Now unchained, Rua’fo gets to go to his original plan of, “Let’s nuke ‘em all,” and starts to fire up the collector. Picard finally gets through to Rua’fo’s right hand man, whose starting to have doubts about wiping out his countrymen. With the help of Rua’fo’s right hand man, Picard takes control of the Son’a ship, and traps Rua’fo and his crew on the holodeck ship. Of course, this infuriates Rua’fo, and he decides to beam over to the collector and re-activate manually. Picard beams over to stop Rua’fo, they have a battle all throughout the complex while the timer ticks down, but Picard manages to sabotage everything, defeat Rua’fo, and is beamed to safety just in time by the Enterprise, who have returned from illuminated the Federation and the project has been shut down.

The Ba’ku return to their village, the Son’a and Ba’ku finally being talking about a reconciliation, Picard vows to Anij that he’ll come back on his next shore leave, and the adventure continues.

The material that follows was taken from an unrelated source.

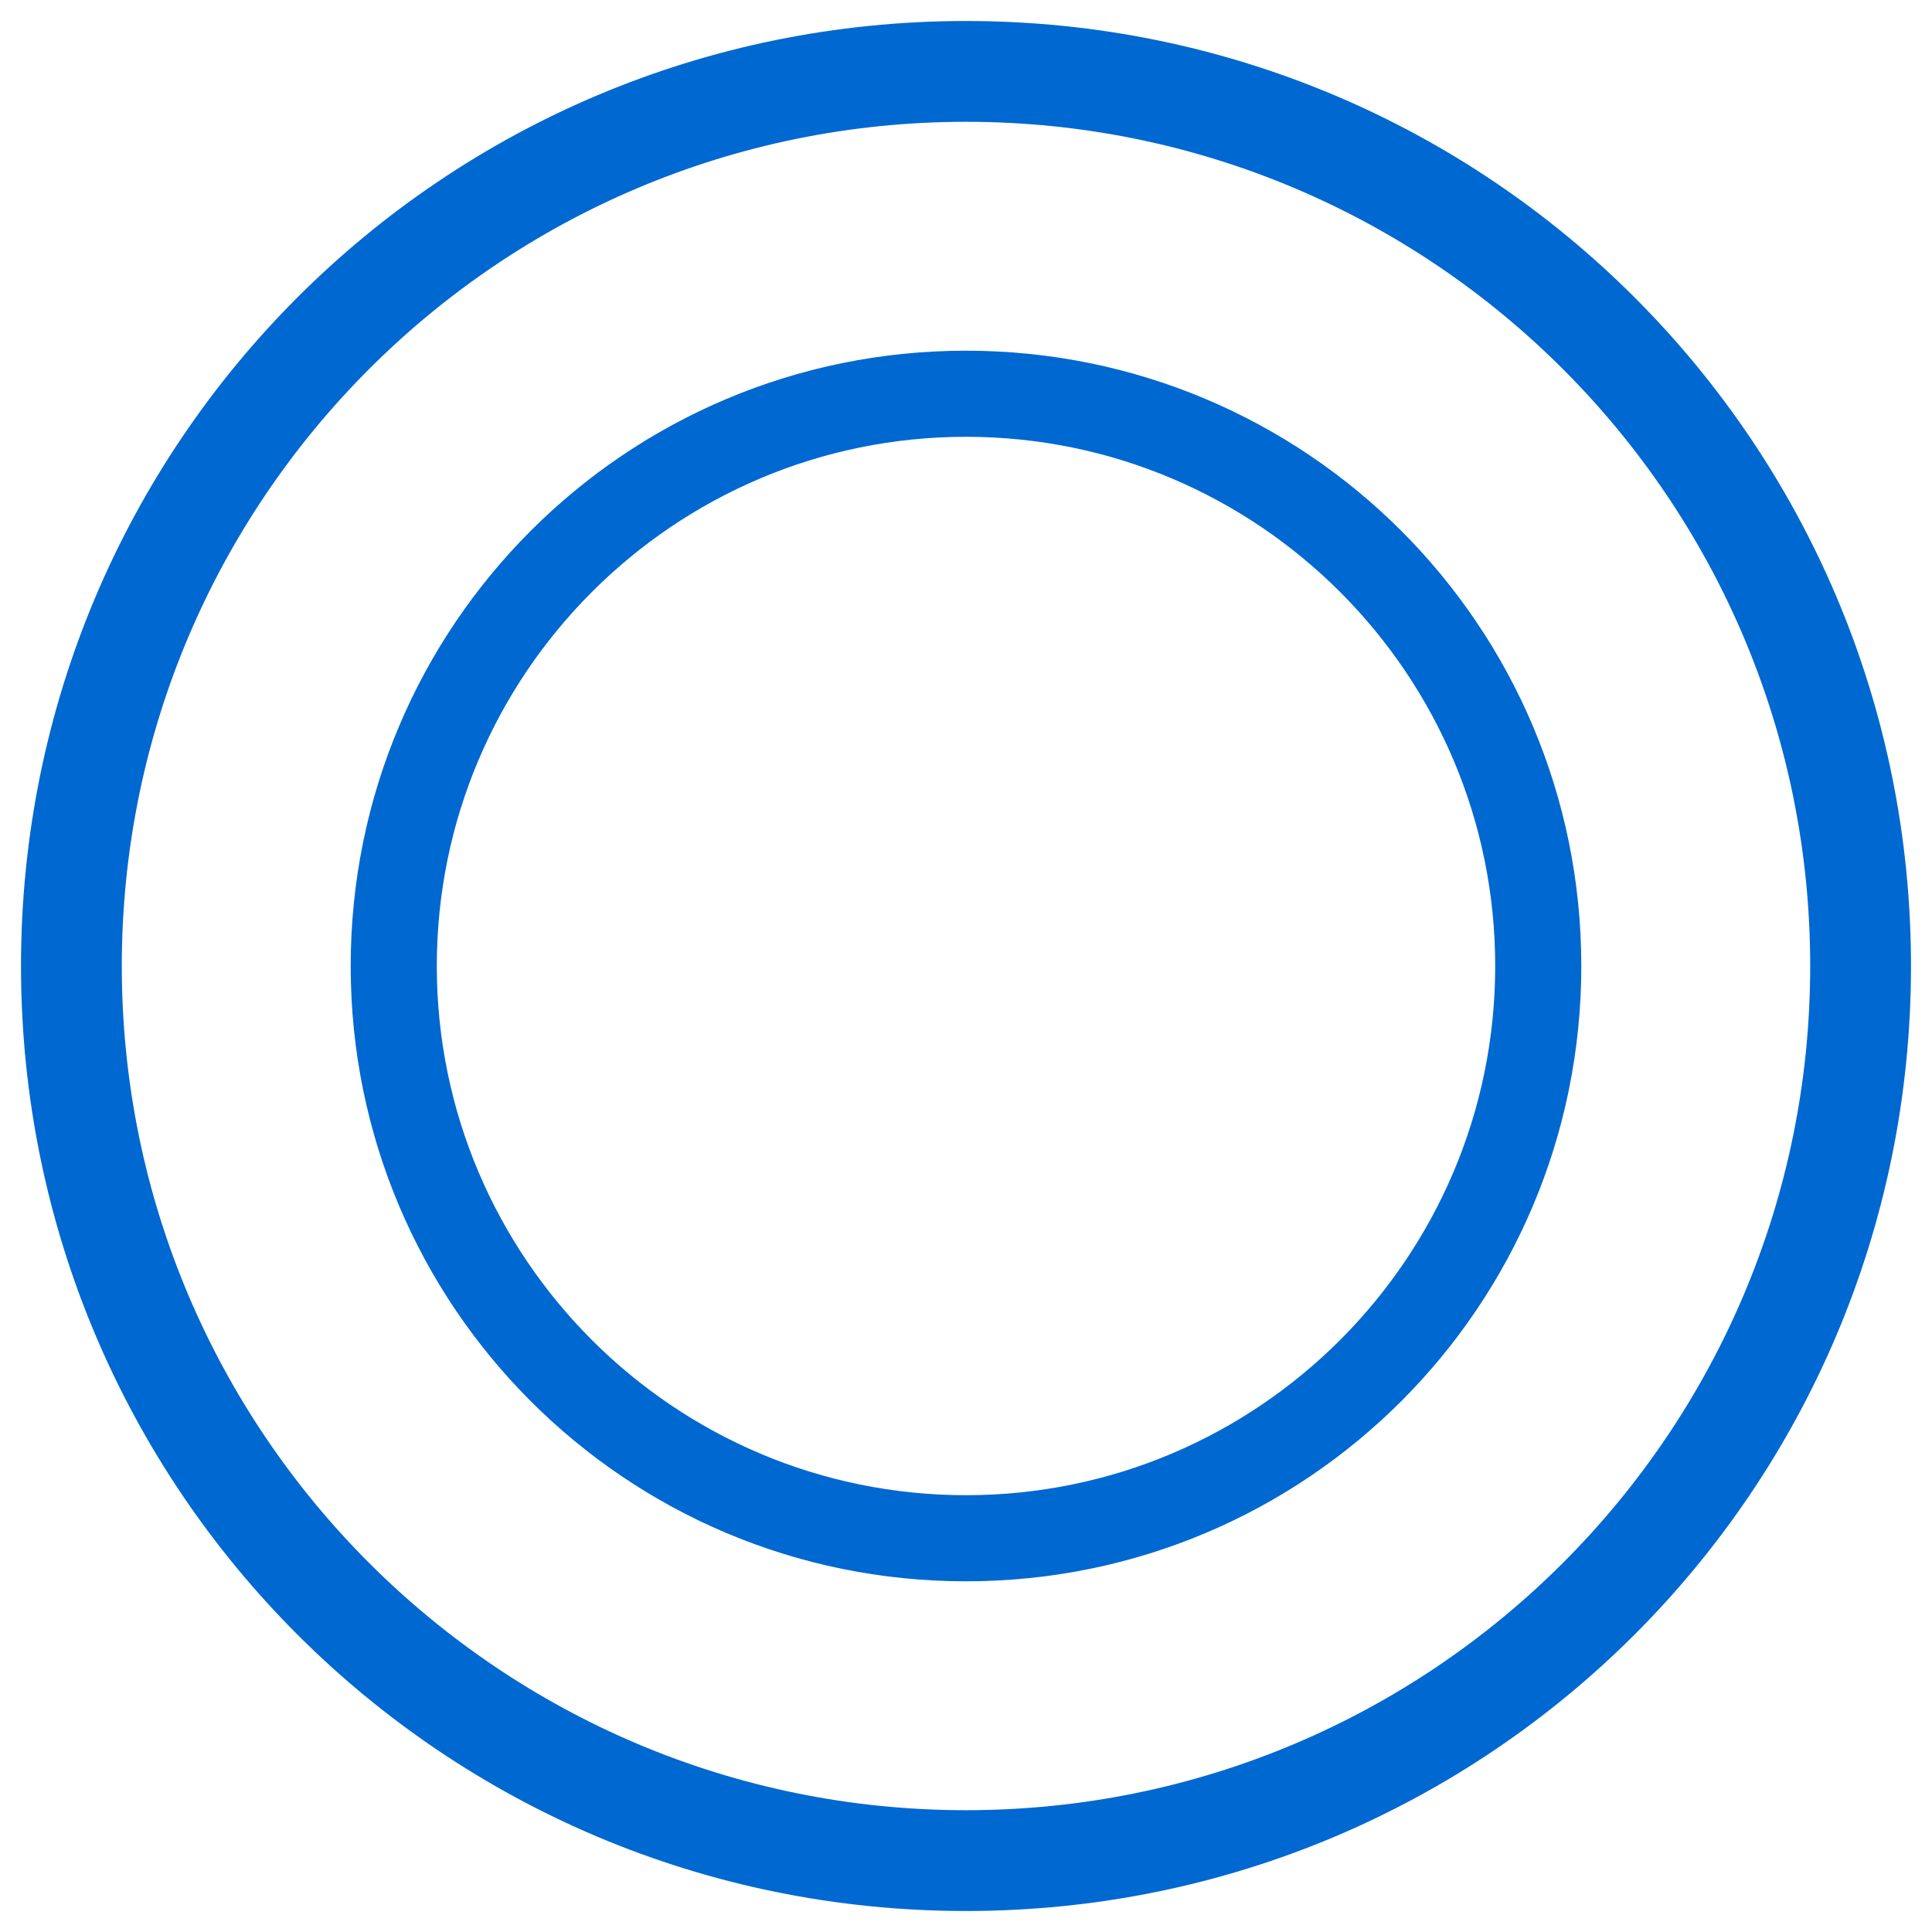 <svg width="46" height="46" viewBox="0 0 46 46" fill="none" xmlns="http://www.w3.org/2000/svg">
<path d="M23 0.5C35.45 0.5 45.5 10.55 45.5 23C45.5 35.45 35.45 45.5 23 45.5C10.55 45.5 0.5 35.45 0.5 23C0.5 10.55 10.55 0.5 23 0.5ZM23 2.9C11.9 2.9 2.9 11.9 2.9 23C2.9 34.1 11.9 43.1 23 43.1C34.1 43.1 43.1 34.1 43.1 23C43.1 11.9 34.1 2.9 23 2.9ZM23 8.35C31.1 8.35 37.65 14.9 37.65 23C37.65 31.1 31.1 37.65 23 37.65C14.9 37.65 8.35 31.1 8.35 23C8.35 14.9 14.9 8.35 23 8.35ZM23 10.4C16.05 10.4 10.4 16.05 10.4 23C10.4 29.95 16.05 35.6 23 35.6C29.95 35.6 35.6 29.95 35.6 23C35.6 16.05 29.95 10.4 23 10.4Z" fill="#0068D1"/>
</svg>

Actually, because my friends were so eager for this film, I do remember all the obsessing over it, and therefore, I know a lot of the deleted scenes. I was so thrilled to get the 2-disc special edition and see them. There was one scene where Riker and Troi go to the ship’s library to research the Son’a and Ba’ku and get all frisky, only to be shushed by the librarian. I remember that because I had a friend who had the Star Trek Insurrection trading cards and got an autographed card of the librarian. There was Rua’fo’s original death, where he’d get away in an escape pod, but the overdose of regenerative radiation causes him to grow younger and younger until he fades from existence. And Quark’s cameo! Quark from Deep Space Nine was originally going to have a cameo. At the end, he was just going to pop up and announce that word about the planet’s regenerative effects have reached the general public, and he’s going to open a luxury spa on the Ba’ku planet. The Ba’ku tell him to fuck off, and the Enterprise crew goes, “Oh, Quark!” and rolls their eyes. It was cut because the scene felt awkward and forced. It was so awkward and forced, it didn’t even make the DVD’s deleted scenes.

But that’s Insurrection. I guess its biggest crime is it’s just so bland. There’s nothing really memorable about it, or sticks out, it just is. I originally said Star Trek Generations was the worst offender for the Next Generation films for feeling like a 2-hour special episode, but I hereby give that title to Insurrection.

But as bland as it was, it wasn’t disappointing. It didn’t give me huge expectations, only to pull the rug out from under me so thoroughly. That special honour goes to the next one on the list, Star Trek Nemesis.